**Provided records:**
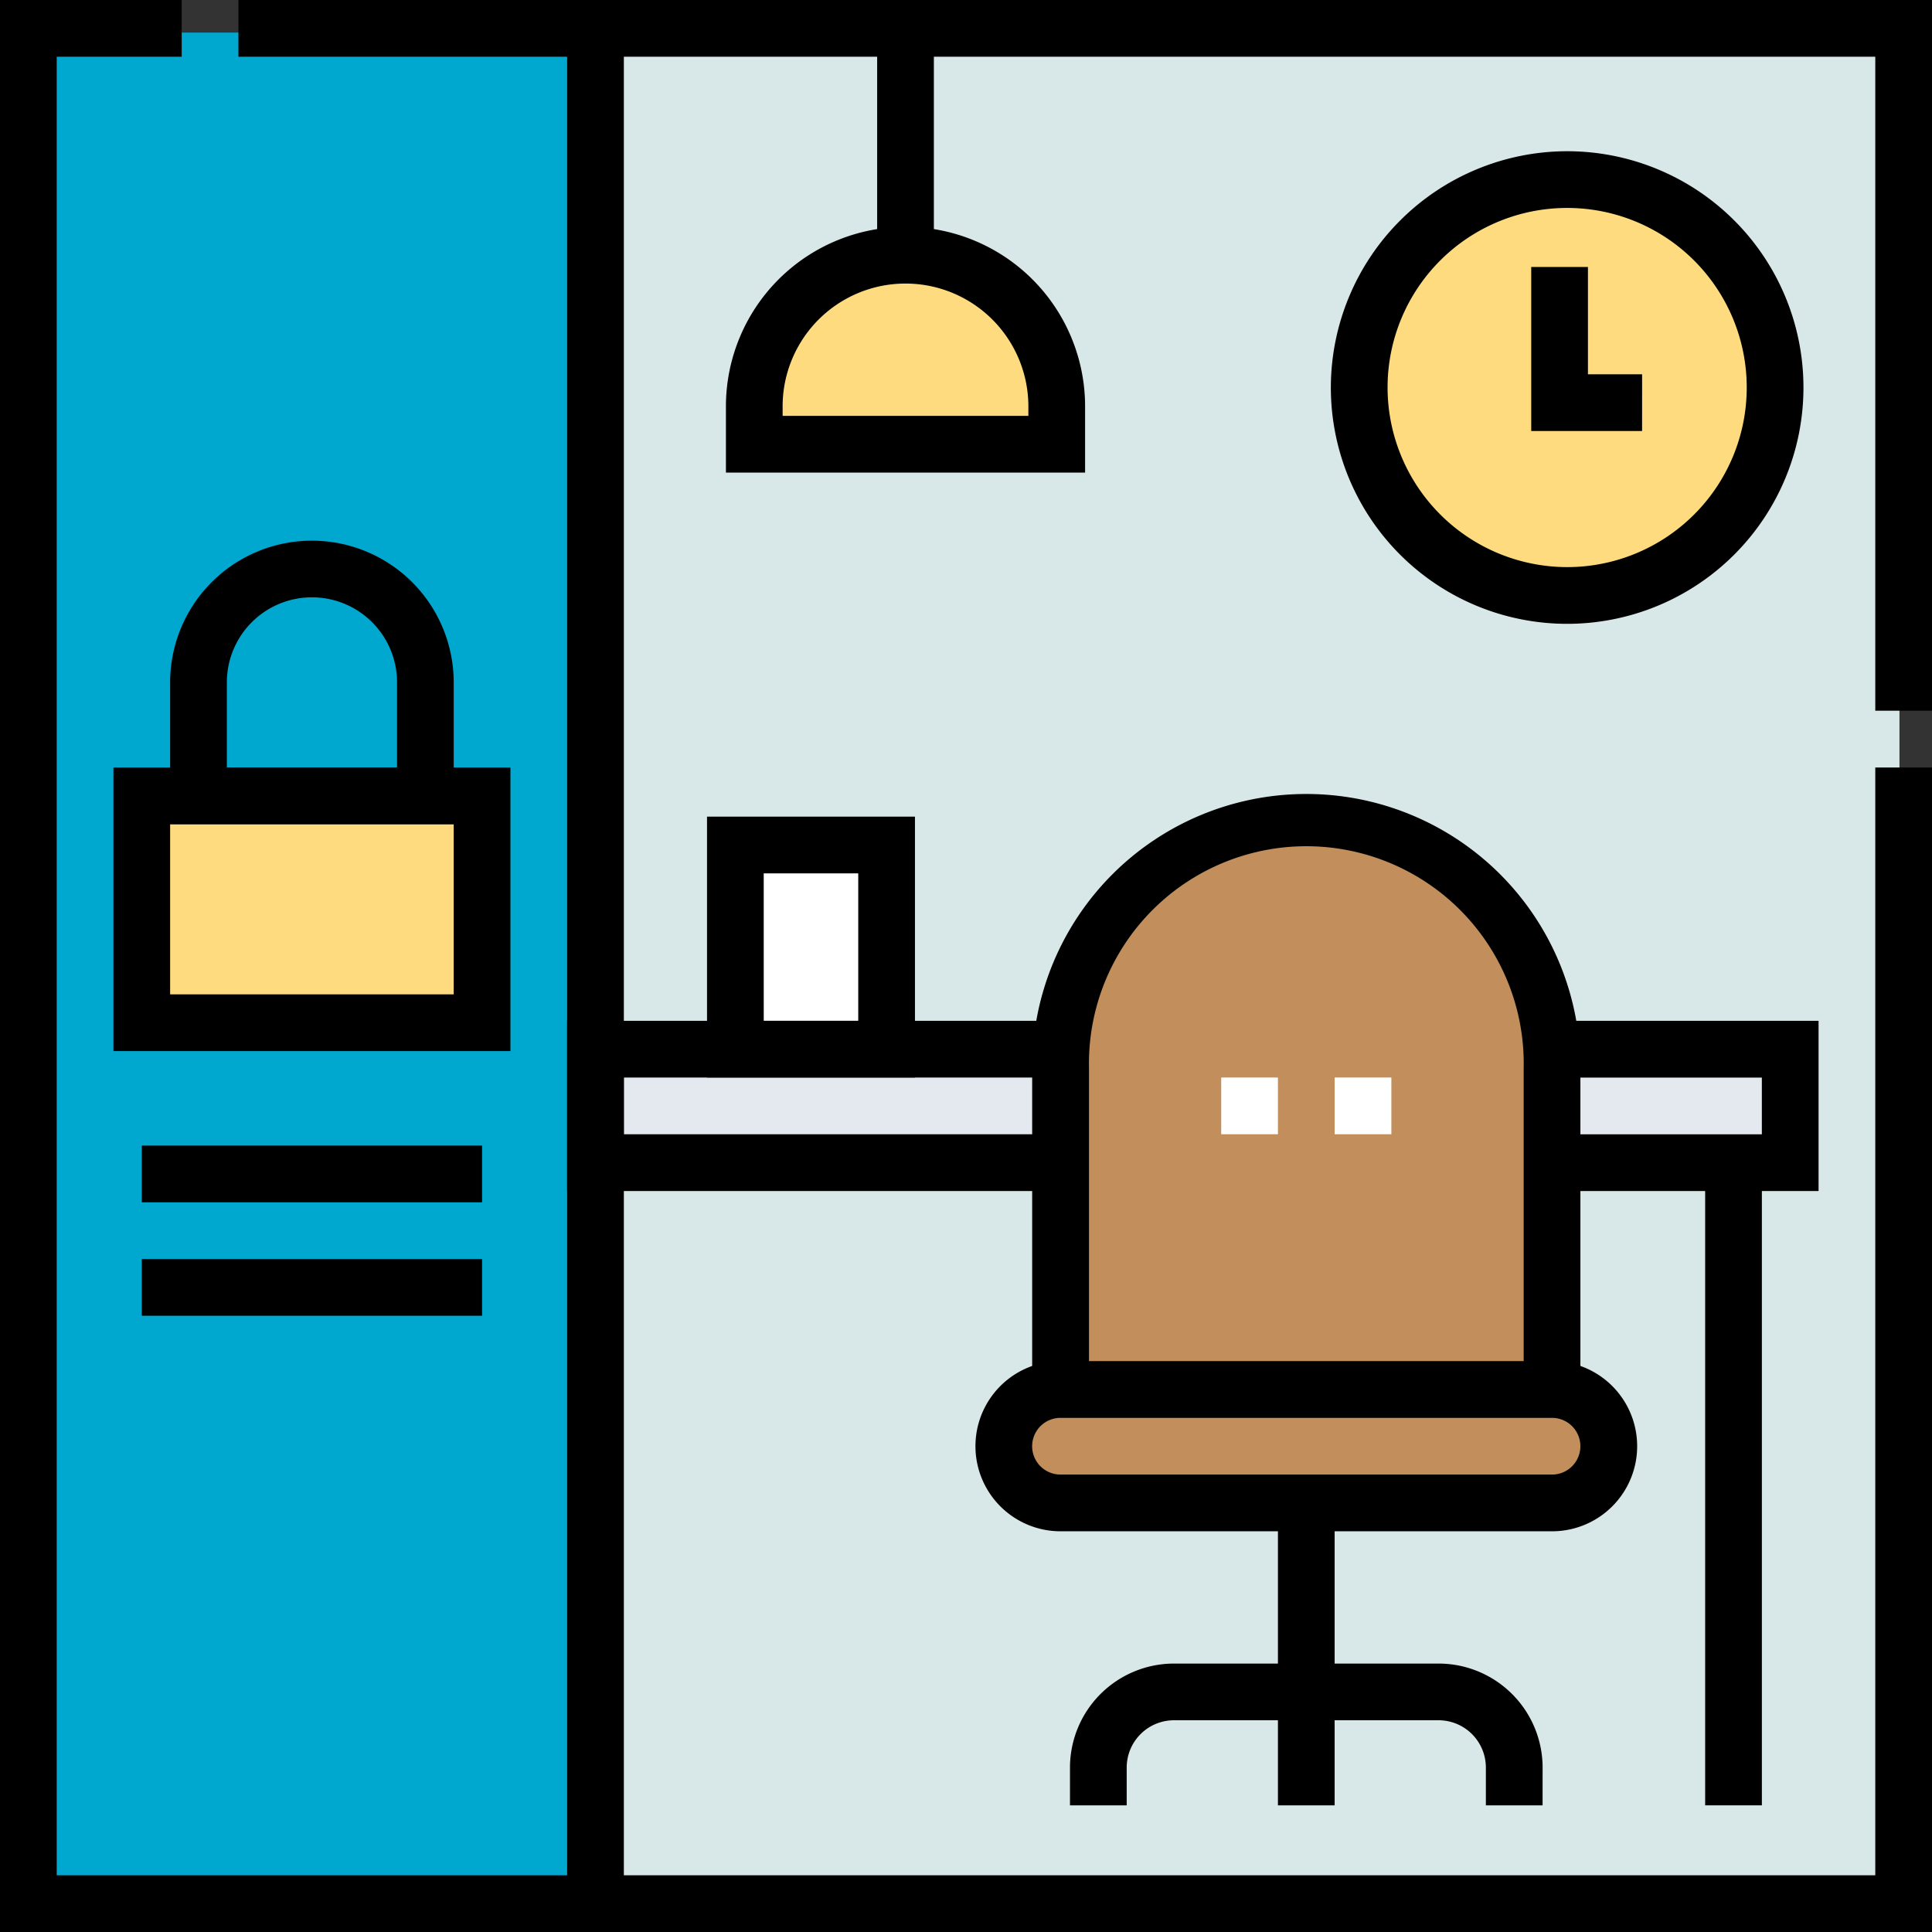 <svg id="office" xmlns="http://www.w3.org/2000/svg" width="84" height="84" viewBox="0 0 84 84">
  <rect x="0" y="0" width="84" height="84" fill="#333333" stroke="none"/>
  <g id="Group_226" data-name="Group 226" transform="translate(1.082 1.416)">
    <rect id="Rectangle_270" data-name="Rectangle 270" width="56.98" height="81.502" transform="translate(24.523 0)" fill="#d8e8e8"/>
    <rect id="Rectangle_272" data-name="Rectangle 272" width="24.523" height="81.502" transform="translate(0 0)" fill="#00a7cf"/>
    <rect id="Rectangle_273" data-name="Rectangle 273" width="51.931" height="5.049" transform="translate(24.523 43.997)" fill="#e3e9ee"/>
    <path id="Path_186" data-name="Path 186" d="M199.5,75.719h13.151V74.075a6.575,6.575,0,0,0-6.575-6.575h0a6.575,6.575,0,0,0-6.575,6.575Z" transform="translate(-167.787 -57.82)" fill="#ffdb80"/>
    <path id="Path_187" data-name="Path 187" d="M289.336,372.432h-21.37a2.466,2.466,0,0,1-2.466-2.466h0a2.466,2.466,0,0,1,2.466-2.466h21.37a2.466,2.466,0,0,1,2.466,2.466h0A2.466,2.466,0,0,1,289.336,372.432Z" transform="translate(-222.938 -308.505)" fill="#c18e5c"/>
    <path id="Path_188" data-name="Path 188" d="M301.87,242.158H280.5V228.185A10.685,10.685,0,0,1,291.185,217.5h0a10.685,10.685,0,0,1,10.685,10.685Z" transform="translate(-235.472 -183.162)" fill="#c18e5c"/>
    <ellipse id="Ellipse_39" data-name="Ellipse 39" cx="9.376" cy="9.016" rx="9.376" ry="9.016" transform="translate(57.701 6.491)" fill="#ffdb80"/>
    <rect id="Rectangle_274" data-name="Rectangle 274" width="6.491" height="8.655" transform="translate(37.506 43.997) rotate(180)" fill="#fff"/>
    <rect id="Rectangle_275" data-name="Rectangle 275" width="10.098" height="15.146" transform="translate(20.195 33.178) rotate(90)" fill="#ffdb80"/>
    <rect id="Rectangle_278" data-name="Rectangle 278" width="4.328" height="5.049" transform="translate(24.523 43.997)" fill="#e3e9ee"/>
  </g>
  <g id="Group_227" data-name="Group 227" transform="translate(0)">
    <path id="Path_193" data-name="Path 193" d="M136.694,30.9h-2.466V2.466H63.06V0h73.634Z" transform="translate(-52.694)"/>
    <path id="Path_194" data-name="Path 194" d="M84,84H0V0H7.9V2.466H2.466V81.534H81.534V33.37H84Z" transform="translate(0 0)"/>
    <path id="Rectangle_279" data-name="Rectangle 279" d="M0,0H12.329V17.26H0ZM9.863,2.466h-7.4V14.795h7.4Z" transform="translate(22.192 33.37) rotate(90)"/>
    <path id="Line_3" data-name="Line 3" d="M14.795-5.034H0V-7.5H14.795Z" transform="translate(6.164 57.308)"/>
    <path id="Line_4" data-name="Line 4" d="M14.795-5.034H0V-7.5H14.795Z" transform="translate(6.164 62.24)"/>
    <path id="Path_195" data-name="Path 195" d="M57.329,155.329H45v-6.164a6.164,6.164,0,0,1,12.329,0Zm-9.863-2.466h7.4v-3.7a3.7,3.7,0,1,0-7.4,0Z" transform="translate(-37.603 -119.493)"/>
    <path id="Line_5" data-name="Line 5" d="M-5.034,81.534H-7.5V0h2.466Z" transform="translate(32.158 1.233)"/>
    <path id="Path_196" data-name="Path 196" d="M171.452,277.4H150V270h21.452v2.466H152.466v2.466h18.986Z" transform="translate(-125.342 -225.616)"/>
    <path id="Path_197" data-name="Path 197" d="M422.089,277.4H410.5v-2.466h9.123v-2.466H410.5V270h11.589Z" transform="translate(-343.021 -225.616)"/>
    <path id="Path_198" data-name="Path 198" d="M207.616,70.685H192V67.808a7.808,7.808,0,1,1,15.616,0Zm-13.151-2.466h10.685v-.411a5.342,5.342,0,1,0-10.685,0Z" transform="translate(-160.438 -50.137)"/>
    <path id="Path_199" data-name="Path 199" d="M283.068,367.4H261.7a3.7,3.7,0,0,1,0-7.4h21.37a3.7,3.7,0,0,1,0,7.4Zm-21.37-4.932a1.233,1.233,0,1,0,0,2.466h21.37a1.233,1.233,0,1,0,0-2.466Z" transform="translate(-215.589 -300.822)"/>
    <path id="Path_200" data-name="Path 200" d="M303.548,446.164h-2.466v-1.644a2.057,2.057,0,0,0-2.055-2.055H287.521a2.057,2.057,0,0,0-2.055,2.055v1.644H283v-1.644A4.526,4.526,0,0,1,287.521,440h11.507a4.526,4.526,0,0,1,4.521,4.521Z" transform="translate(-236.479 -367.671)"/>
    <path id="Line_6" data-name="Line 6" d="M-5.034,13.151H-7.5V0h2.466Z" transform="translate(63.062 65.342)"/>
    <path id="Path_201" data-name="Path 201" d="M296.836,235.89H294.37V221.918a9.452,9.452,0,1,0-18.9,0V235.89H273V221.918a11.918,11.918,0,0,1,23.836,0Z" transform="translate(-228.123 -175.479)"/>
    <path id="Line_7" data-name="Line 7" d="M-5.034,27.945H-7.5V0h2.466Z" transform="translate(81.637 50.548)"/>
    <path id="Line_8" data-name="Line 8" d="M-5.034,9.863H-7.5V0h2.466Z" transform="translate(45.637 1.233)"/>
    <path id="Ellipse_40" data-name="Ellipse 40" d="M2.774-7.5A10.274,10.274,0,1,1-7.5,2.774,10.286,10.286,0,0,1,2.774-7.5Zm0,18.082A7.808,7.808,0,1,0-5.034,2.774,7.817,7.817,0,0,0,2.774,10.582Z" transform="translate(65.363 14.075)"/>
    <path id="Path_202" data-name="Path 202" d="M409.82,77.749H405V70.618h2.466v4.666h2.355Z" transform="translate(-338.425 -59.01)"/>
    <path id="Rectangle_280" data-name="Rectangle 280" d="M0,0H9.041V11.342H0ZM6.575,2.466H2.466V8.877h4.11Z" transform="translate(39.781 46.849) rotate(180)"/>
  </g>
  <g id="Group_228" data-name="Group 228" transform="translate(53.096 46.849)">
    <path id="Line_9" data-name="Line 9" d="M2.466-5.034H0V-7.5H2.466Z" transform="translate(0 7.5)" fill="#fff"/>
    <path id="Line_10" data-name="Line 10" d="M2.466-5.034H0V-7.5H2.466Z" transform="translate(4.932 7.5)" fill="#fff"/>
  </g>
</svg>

**Prompt:** Each line of the data that includes "rotate" should be copied.

**Written solution:**
    <rect id="Rectangle_274" data-name="Rectangle 274" width="6.491" height="8.655" transform="translate(37.506 43.997) rotate(180)" fill="#fff"/>
    <rect id="Rectangle_275" data-name="Rectangle 275" width="10.098" height="15.146" transform="translate(20.195 33.178) rotate(90)" fill="#ffdb80"/>
    <path id="Rectangle_279" data-name="Rectangle 279" d="M0,0H12.329V17.26H0ZM9.863,2.466h-7.4V14.795h7.4Z" transform="translate(22.192 33.37) rotate(90)"/>
    <path id="Rectangle_280" data-name="Rectangle 280" d="M0,0H9.041V11.342H0ZM6.575,2.466H2.466V8.877h4.11Z" transform="translate(39.781 46.849) rotate(180)"/>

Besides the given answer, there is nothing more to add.